Required work ▸
No image is to be carried over; reproduce the rest of the listing word for word.

Data for the task ▸

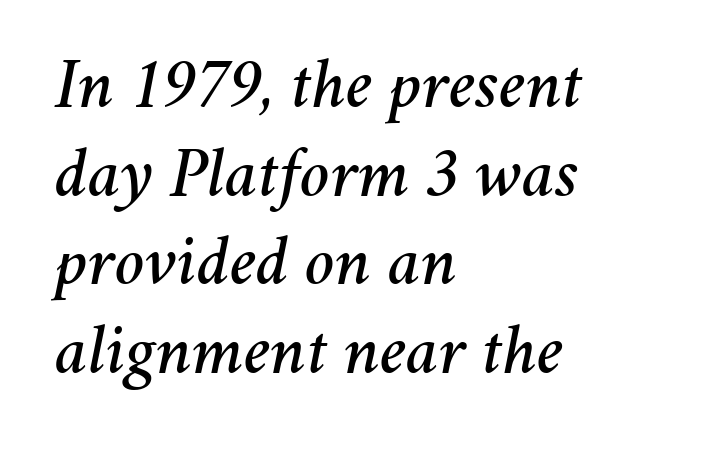
The zone under the glyphs is completely vacant. This rendering uses left alignment, leaving the right contour irregular. The space between consecutive lines is moderate. The letters sit at their default tracking, neither squeezed nor spread.
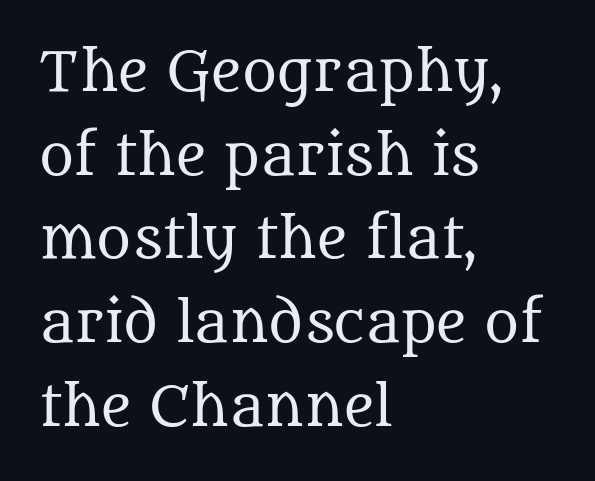
The image shows 53 px regular-weight serif type, upright; set left-aligned, normal line spacing (1.58x), normal letter spacing, not underlined; medium stroke contrast and a large x-height.
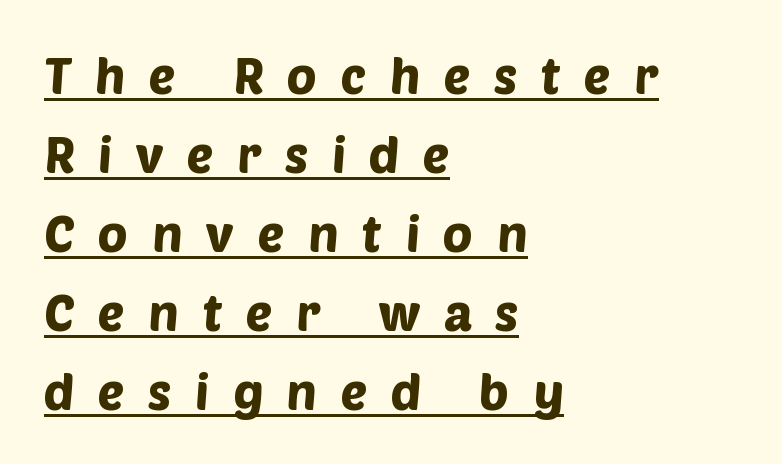
Horizontal bands of white between lines are of average thickness. Each word looks stretched out because of the extra space between its letters. Classification — sans serif. A typesetter would call this proportional, since set widths differ per character. Is there an underline? Yes — a line sits under the letters.
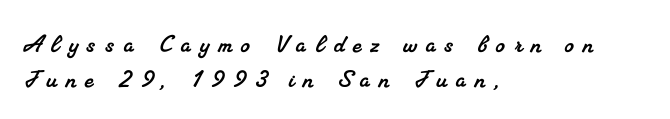
{"serif": "yes", "width": "normal", "stroke_contrast": "medium", "x_height": "small", "monospaced": "no", "underline": "no", "align": "left", "line_spacing_ratio": 1.19, "letter_spacing": "wide", "letter_spacing_em": 0.32, "glyph_px": 29}
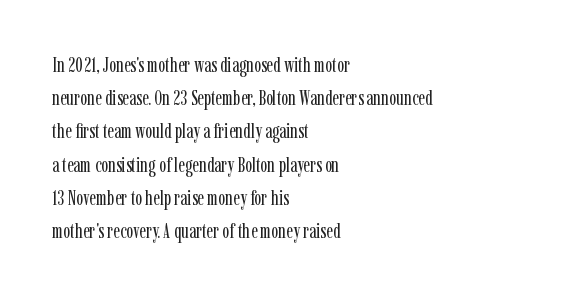
Q: Is the text bold? A: No.
Q: Is the text italic (slanted)? A: No, it is upright.
Q: Is the text underlined? A: No.
Q: How is the paragraph aligned? A: Left-aligned.
Q: Is the spacing between letters normal or unusually wide? A: Normal.
Q: Is the spacing between lines tight, normal or loose? A: Normal.
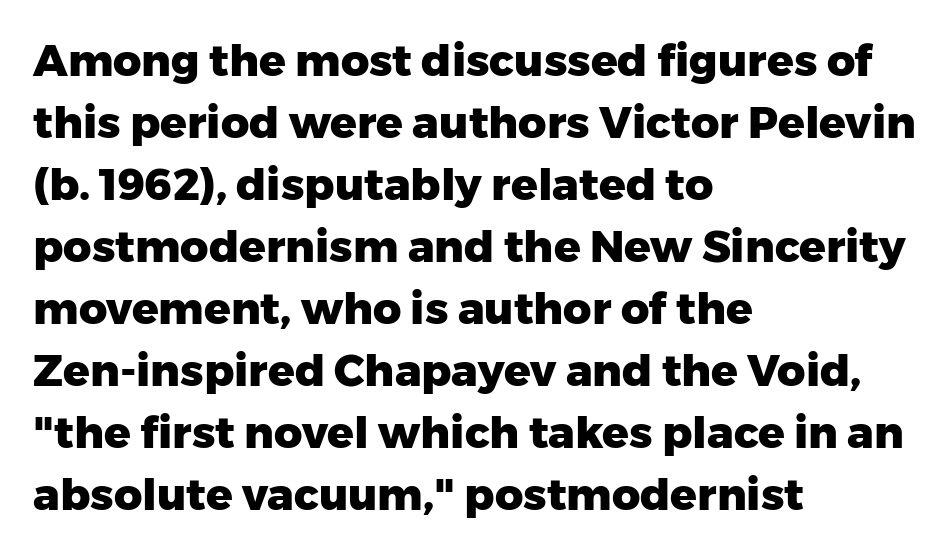
Q: Is the text bold? A: Yes.
Q: Is the text italic (slanted)? A: No, it is upright.
Q: Is the typeface a serif or a sans-serif typeface? A: Sans-serif.
Q: Is the text underlined? A: No.
Q: How is the paragraph aligned? A: Left-aligned.
Q: Is the spacing between letters normal or unusually wide? A: Normal.
Q: Is the spacing between lines tight, normal or loose? A: Normal.
Q: Width (condensed, normal, or wide)? A: Normal.
Q: Stroke contrast? A: Low.
Q: x-height? A: Medium.
Q: Monospaced? A: No.
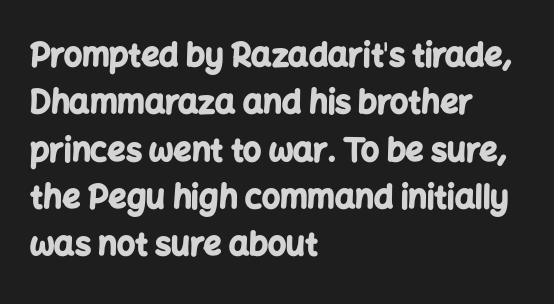
{"serif": "no", "italic": "no", "bold": "yes", "weight": "bold", "width": "normal", "stroke_contrast": "low", "x_height": "medium", "monospaced": "no", "underline": "no", "align": "left", "line_spacing": "normal", "line_spacing_ratio": 1.48, "letter_spacing": "normal", "letter_spacing_em": 0.0, "glyph_px": 32}
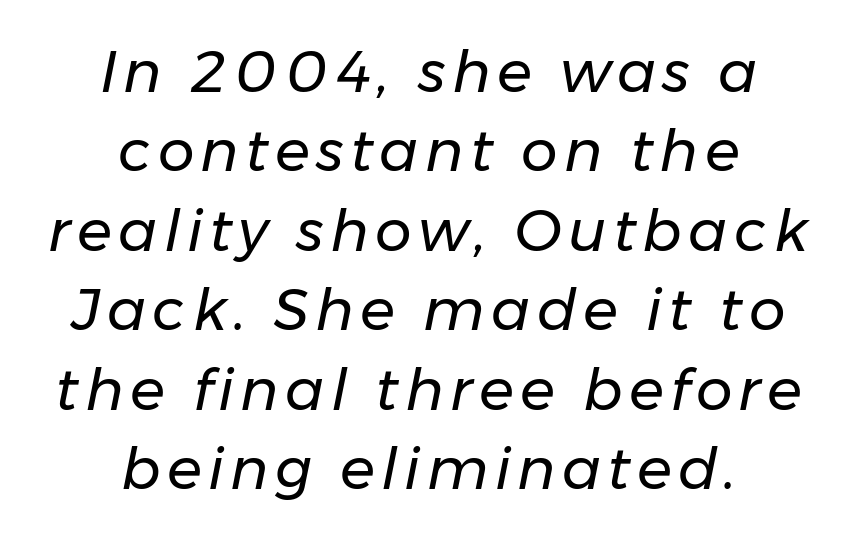
Q: Is the text bold? A: No.
Q: Is the text italic (slanted)? A: Yes, it leans right by about 11 degrees.
Q: Is the text underlined? A: No.
Q: How is the paragraph aligned? A: Centered.
Q: Is the spacing between lines tight, normal or loose? A: Normal.
Q: Width (condensed, normal, or wide)? A: Normal.
Q: Stroke contrast? A: Low.
Q: x-height? A: Medium.
Q: Monospaced? A: No.

Task response ▸
The zone under the glyphs is completely vacant. This rendering uses left alignment, leaving the right contour irregular. The space between consecutive lines is moderate. The letters sit at their default tracking, neither squeezed nor spread.
The image shows 53 px regular-weight serif type, upright; set left-aligned, normal line spacing (1.58x), normal letter spacing, not underlined; medium stroke contrast and a large x-height.
Horizontal bands of white between lines are of average thickness. Each word looks stretched out because of the extra space between its letters. Classification — sans serif. A typesetter would call this proportional, since set widths differ per character. Is there an underline? Yes — a line sits under the letters.
{"serif": "yes", "width": "normal", "stroke_contrast": "medium", "x_height": "small", "monospaced": "no", "underline": "no", "align": "left", "line_spacing_ratio": 1.19, "letter_spacing": "wide", "letter_spacing_em": 0.32, "glyph_px": 29}
Q: Is the text bold? A: No.
Q: Is the text italic (slanted)? A: No, it is upright.
Q: Is the text underlined? A: No.
Q: How is the paragraph aligned? A: Left-aligned.
Q: Is the spacing between letters normal or unusually wide? A: Normal.
Q: Is the spacing between lines tight, normal or loose? A: Normal.
Q: Is the text bold? A: Yes.
Q: Is the text italic (slanted)? A: No, it is upright.
Q: Is the typeface a serif or a sans-serif typeface? A: Sans-serif.
Q: Is the text underlined? A: No.
Q: How is the paragraph aligned? A: Left-aligned.
Q: Is the spacing between letters normal or unusually wide? A: Normal.
Q: Is the spacing between lines tight, normal or loose? A: Normal.
Q: Width (condensed, normal, or wide)? A: Normal.
Q: Stroke contrast? A: Low.
Q: x-height? A: Medium.
Q: Monospaced? A: No.
{"serif": "no", "italic": "no", "bold": "yes", "weight": "bold", "width": "normal", "stroke_contrast": "low", "x_height": "medium", "monospaced": "no", "underline": "no", "align": "left", "line_spacing": "normal", "line_spacing_ratio": 1.48, "letter_spacing": "normal", "letter_spacing_em": 0.0, "glyph_px": 32}
Q: Is the text bold? A: No.
Q: Is the text italic (slanted)? A: Yes, it leans right by about 11 degrees.
Q: Is the text underlined? A: No.
Q: How is the paragraph aligned? A: Centered.
Q: Is the spacing between lines tight, normal or loose? A: Normal.
Q: Width (condensed, normal, or wide)? A: Normal.
Q: Stroke contrast? A: Low.
Q: x-height? A: Medium.
Q: Monospaced? A: No.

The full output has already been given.